Medicamento Nuevo para la Hepatitis C

Una investigación reciente señala que agregar el antiviral telaprevir a una segunda ronda de tratamiento para la hepatitis cura cerca de la mitad de las personas que no resultan beneficiadas en la primera ronda.

“Éste es el primer estudio de gran tamaño en pacientes que no habían respondido al tratamiento estándar”, apuntó el Dr. John G. McHutchison, director asociado del Instituto de Investigación Clínica Duke y autor de un informe en la edición del 8 de abril de la revista New England Journal of Medicine.

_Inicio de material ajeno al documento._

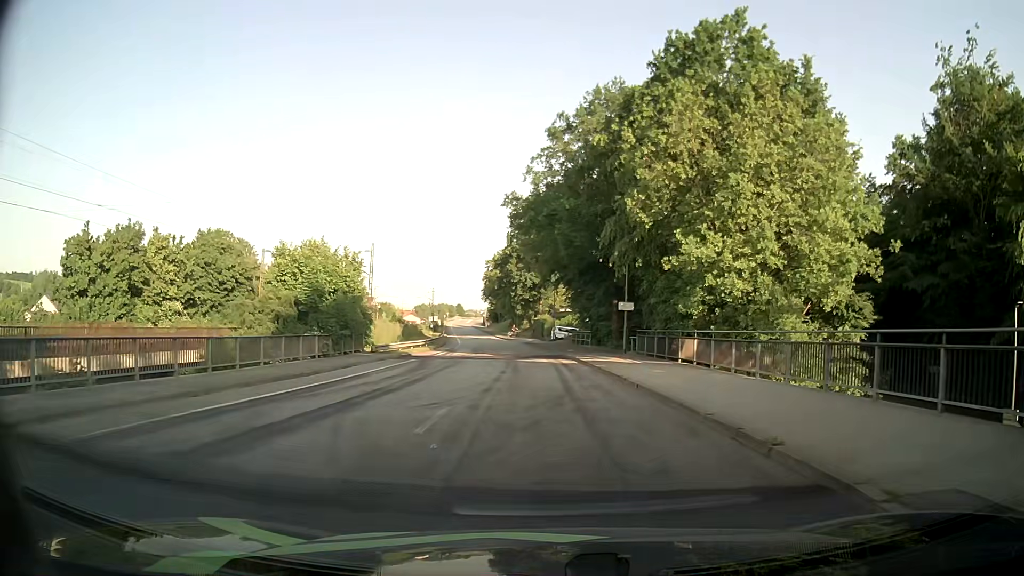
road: unclassified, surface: asphalt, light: Day
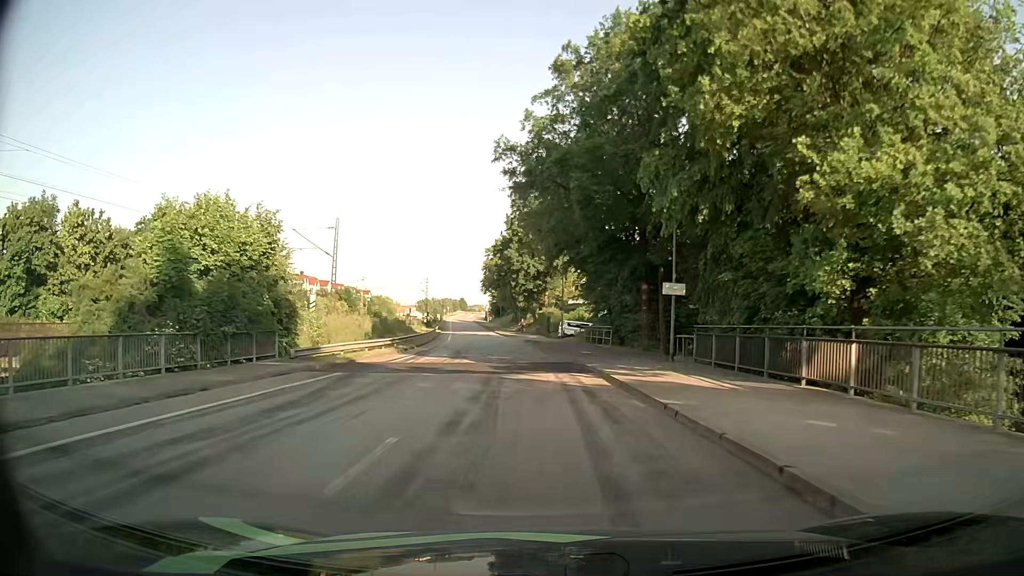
(0.0, +12.7) m; -1°
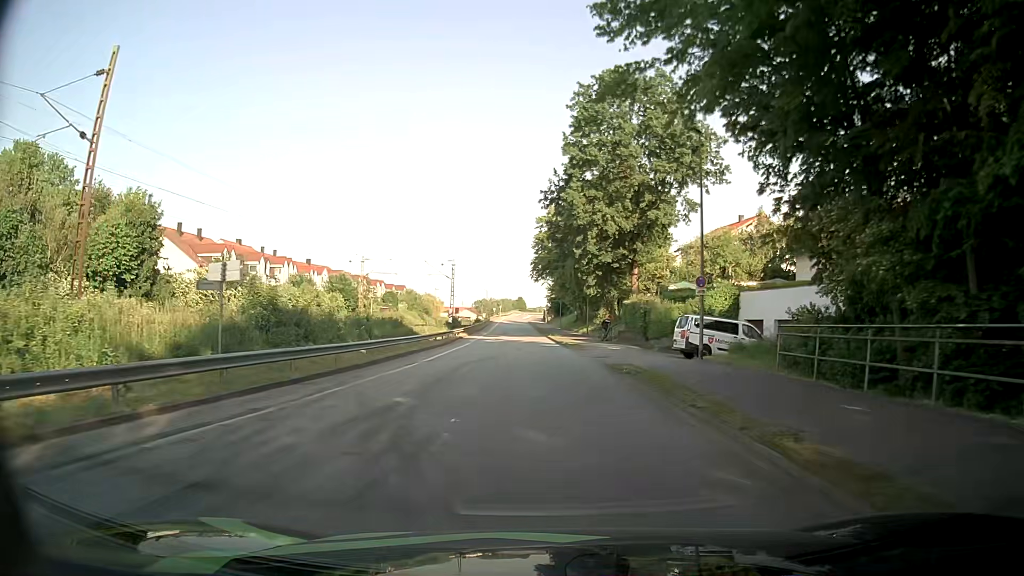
(-1.7, +34.9) m; -6°
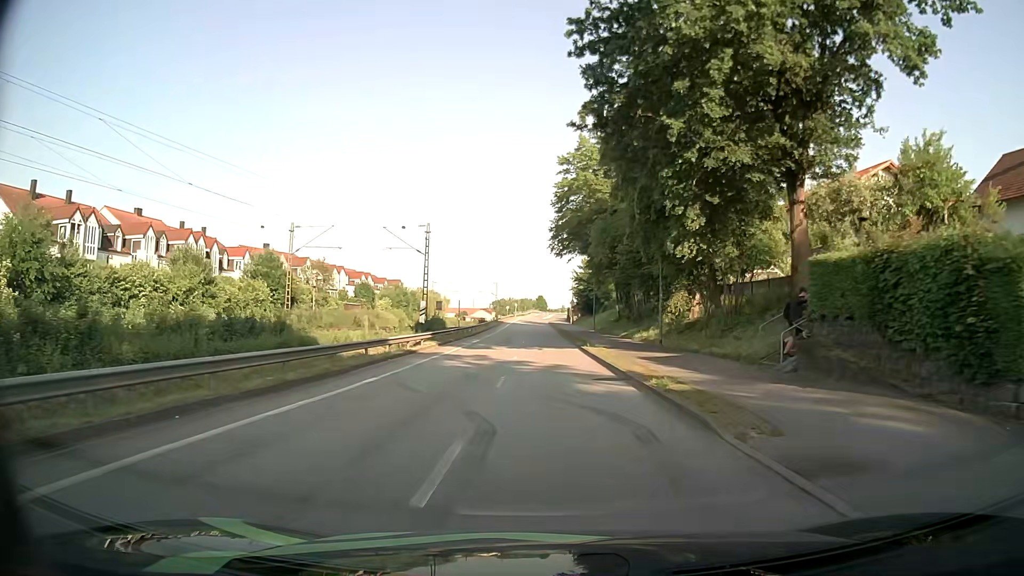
(-0.1, +29.4) m; -1°
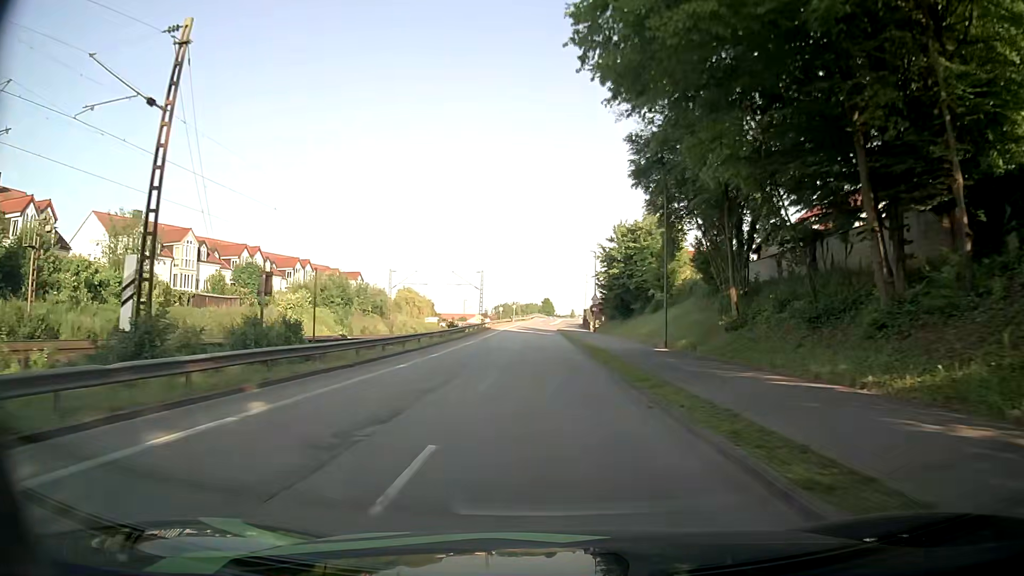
(-0.2, +36.7) m; -1°
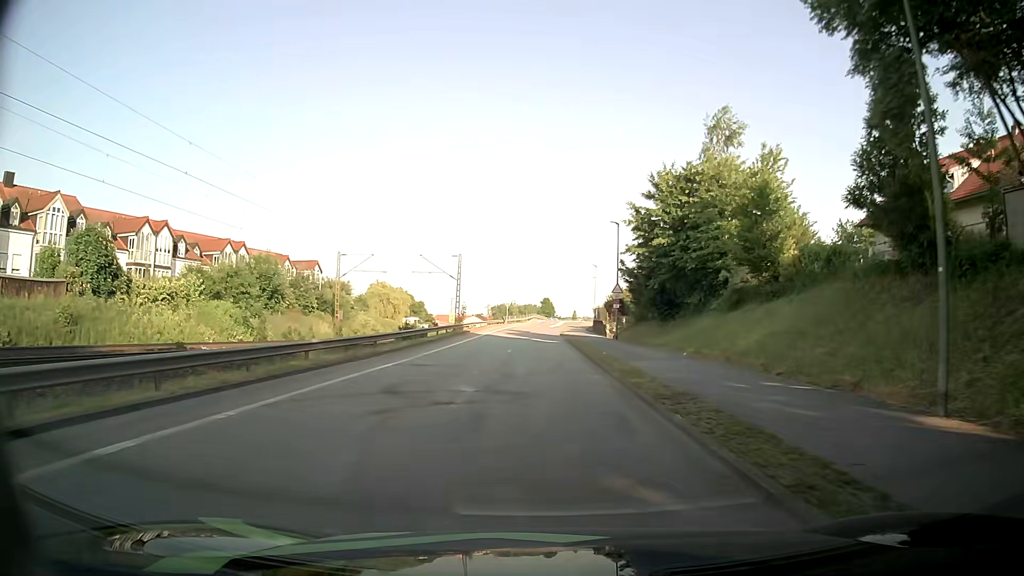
(0.0, +20.9) m; 0°
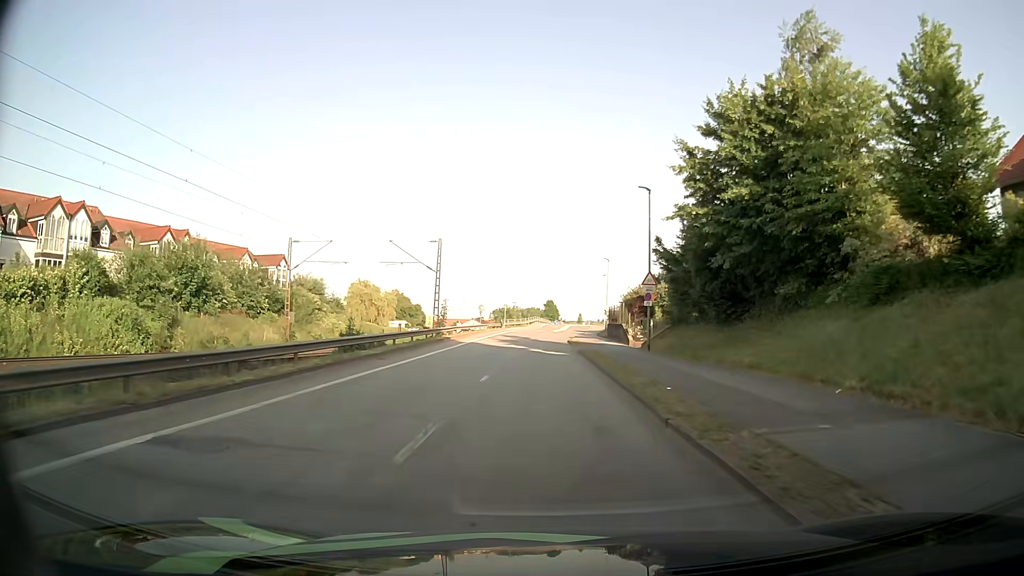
(+0.1, +13.0) m; 0°
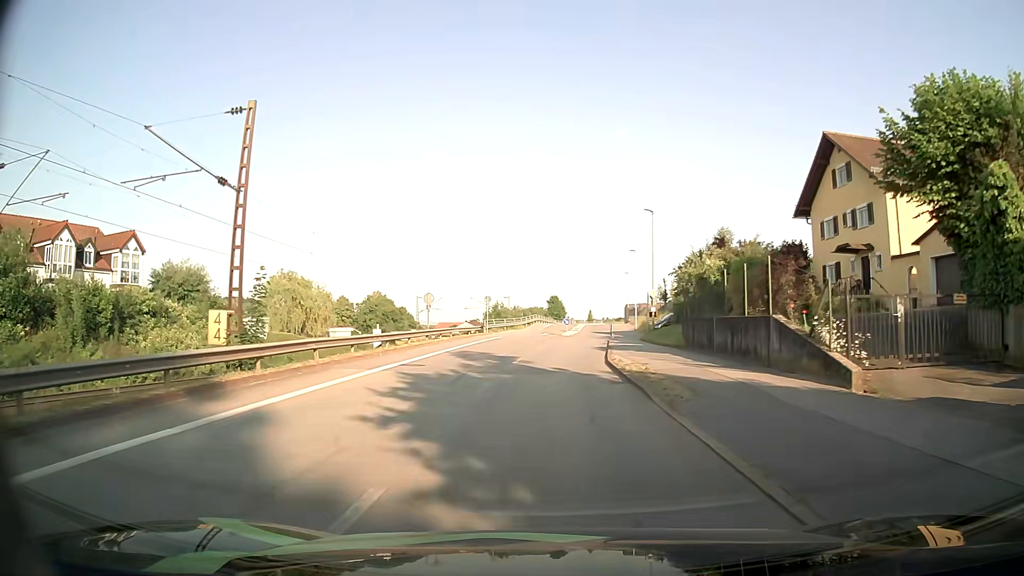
(-0.1, +30.9) m; 0°

El estudio es uno de los pasos finales de una serie de ensayos diseñados para obtener la aprobación en el uso del medicamento de la práctica clínica. La aprobación del medicamento dará ánimos a las personas cuya infección por hepatitis C no ha sido curada por tratamientos existentes, señaló McHutchison.

“No ha habido alternativa para las personas que han sido tratadas y no han respondido”, agregó. “Entonces, que potencialmente haya un tratamiento disponible en el futuro que pueda curar a la mitad de ellos, se muestra bastante promisorio”.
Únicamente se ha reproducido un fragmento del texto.